Carlo Ancelotti mocno mierzy w Walijczyka, podkreślając to na każdym kroku. Zresztą za słowami idą czyny, bo fakty są takie, że jeśli tylko 32-latek jest zdrowy, to u Włocha gra w podstawowym składzie i jak informuje „Marca”, nic się pod tym względem nie zmieni aż do końca sezonu.
Prawoskrzydłowy zasłużył sobie u doświadczonego szkoleniowca na wysokie notowania podczas pierwszej wspólnej pracy w latach 2013-2015, nawet jeśli miewały między nimi zgrzyty.
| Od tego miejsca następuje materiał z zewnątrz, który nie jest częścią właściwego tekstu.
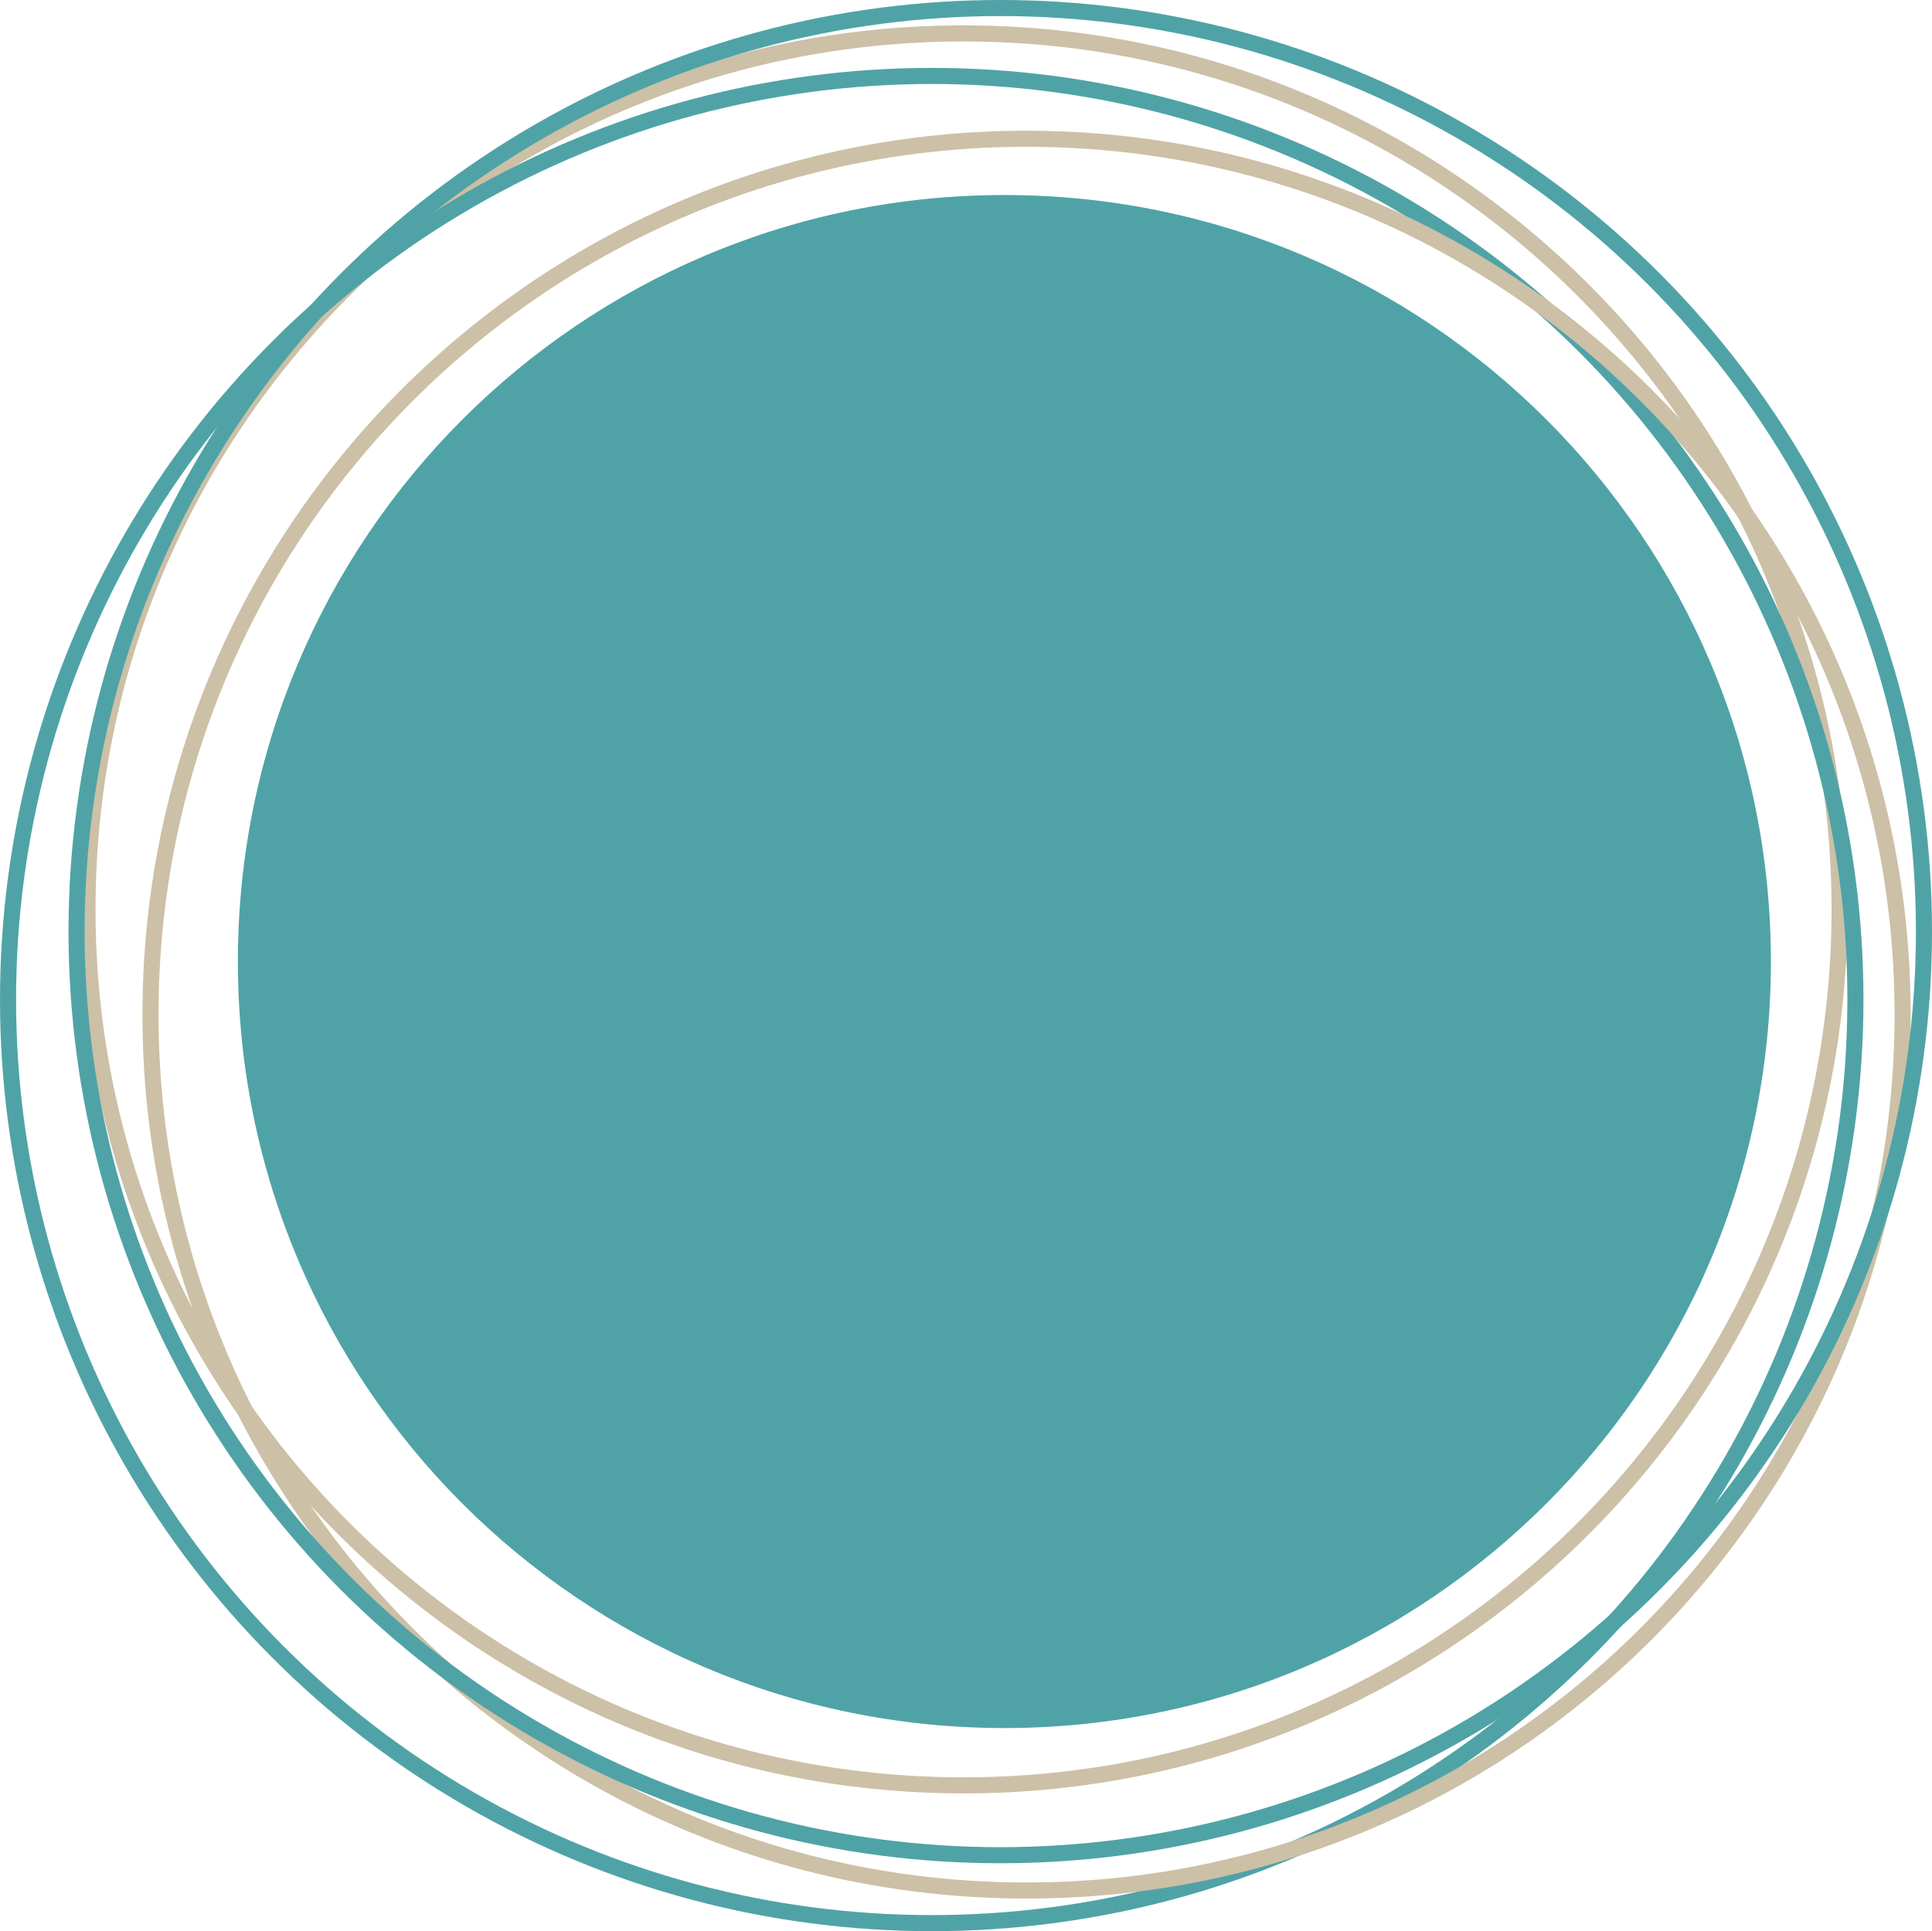 <svg id="Ebene_1" data-name="Ebene 1" xmlns="http://www.w3.org/2000/svg" xmlns:xlink="http://www.w3.org/1999/xlink" viewBox="0 0 504.66 504.5"><defs><style>.cls-1,.cls-3,.cls-4{fill:none;}.cls-2{clip-path:url(#clip-path);}.cls-3{stroke:#ccc0a6;}.cls-3,.cls-4{stroke-width:4.2px;}.cls-4{stroke:#4fa3a7;}.cls-5{fill:#4fa3a7;}</style><clipPath id="clip-path" transform="translate(-2.86 -2.75)"><rect class="cls-1" x="2.87" y="2.75" width="504.65" height="504.5"/></clipPath></defs><title>Logo_Logopaedie_Kreis_512px</title><g class="cls-2"><path class="cls-3" d="M254.54,11.48c-126.38,0-228.83,102.46-228.83,228.84S128.16,469.16,254.54,469.16,483.38,366.7,483.38,240.32,380.92,11.48,254.54,11.48Z" transform="translate(-2.86 -2.75)"/><circle class="cls-4" cx="243.38" cy="261.12" r="241.28"/><path class="cls-3" d="M271,39C144.62,39,42.17,141.4,42.17,267.78S144.62,496.63,271,496.63,499.84,394.17,499.84,267.78,397.39,39,271,39Z" transform="translate(-2.86 -2.75)"/><path class="cls-5" d="M265.2,53.7C154.6,53.7,65,143.35,65,253.94S154.6,454.19,265.2,454.19s200.24-89.65,200.24-200.25S375.79,53.7,265.2,53.7" transform="translate(-2.86 -2.75)"/><circle class="cls-4" cx="261.28" cy="243.38" r="241.28"/></g></svg>

Gracz sprowadzony z Tottenhamu Hotspur w drugim sezonie zapragnął gry tuż za środkowym napastnikiem, ale zmiana formacji w środku rozgrywek nie była możliwa. Ostatecznie panowie doszli do porozumienia, przy czym jak zaznaczył „Carletto”, spotkania agenta Walijczyka z Florentino Pérezem przyczyniły się do jego późniejszego zwolnienia.
Mimo wszystko, dorobek 39 goli i 31 asyst w ciągu dwóch kampanii był więcej niż zadowalający.
Do dziś 62-latek ceni Garetha Bale’a, dlatego zamierza korzystać z jego usług, choćby wiedział, że dni „Księcia Walii” z Realem Madryt są już policzone, a tak według „Marki” jest w istocie.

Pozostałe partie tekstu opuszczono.